Almost three decades ago, David Lee Gavitt was convicted of starting the fire that killed his wife and two children. He was sentenced to life in prison.

This week, Gavitt, now 54, was set free based on new scientific evidence proving that the fire was accidental.

Gavitt’s is the most recent case that highlights a shift in thinking about what causes a fire and how what once seemed like telltale signs of arson can actually be the opposite. Last week, a Chicago-area man was released after prosecutors dismissed arson-murder charges against him stemming from a 1984 fire. And Ernest Ray Willis of Texas was exonerated in 2004 after spending almost 20 years on death row, based in part on evidence presented by renown fire scientist Gerald Hurst.

Gavitt’s case involves both a crucial error in forensic science and the debunking of myths that have been part of arson investigation for decades: A lab erroneously concluded that a carpet sample contained evidence of gasoline, and investigators assumed that a fire that burned quickly as the one in the Gavitt household must have been intentionally set.

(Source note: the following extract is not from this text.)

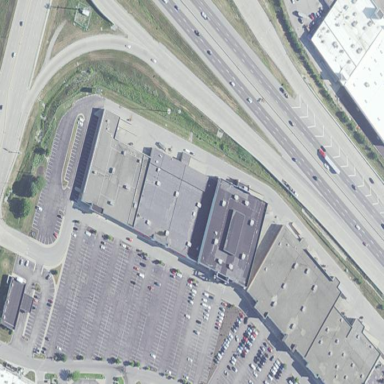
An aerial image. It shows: Retail area.

We now know that because of a scientific phenomena called “flashover,” a fire can burn hot and fast without being set on purpose and can leave patterns on a surface that can be mistaken as pour patterns.

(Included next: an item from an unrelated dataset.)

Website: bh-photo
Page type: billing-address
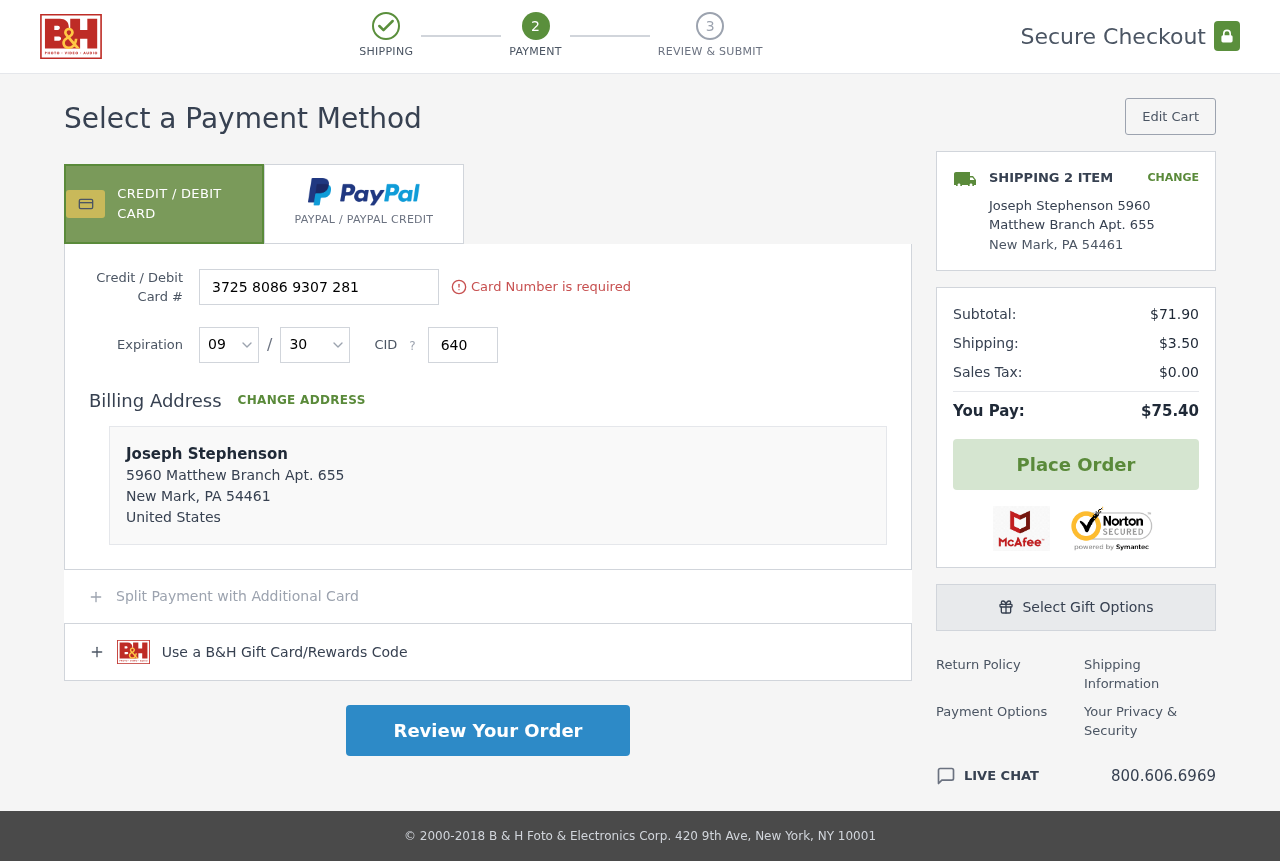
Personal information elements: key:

   “In light of modern fire science, there is simply not one shred of credible evidence that the fire at the Gavitt residence was intentionally set,” wrote John Lentini, an expert in fire science, in an affidavit presented to a judge last fall by the Innocence Clinic at the University of Michigan Law School, who worked extensively on Gavitt’s case.

Lentini and Hearst are two of the key scientists who helped change the long-held assumptions about how fires burn by starting and studying their own. “The fire investigation community largely consists of people who are firemen. They’re not scientists. They don’t have any formal scientific training,” Lentini told FRONTLINE.  “Extinguishing a fire and investigating a fire involve two different skill sets and two different mindsets.”

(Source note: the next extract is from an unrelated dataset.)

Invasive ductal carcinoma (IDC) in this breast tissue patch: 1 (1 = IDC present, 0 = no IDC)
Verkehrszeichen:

Both men have voiced their expert opinions on questionable arson cases in the past, most notably that of Cameron Todd Willingham. Featured in our 2010 film Death By Fire, Willingham’s story strangely echoeos Gavitt’s case: He says he woke up to his house on fire and was able to escape but unable to save his family inside. (Witnesses to the Willingham fire claim they never saw him try and go back into the house; however, neighbors had to restrain Gavitt from doing so).

But the two men’s stories have one important divergence: Willingham was executed in 2004, despite a last-minute appeal by his lawyer that included analysis from Hurst that found no evidence of arson. Investigations into whether Texas executed an innocent man have stalled, though last month a judge involved in one of the terminated inquiries announced that he would have posthumously exonerated Willingham.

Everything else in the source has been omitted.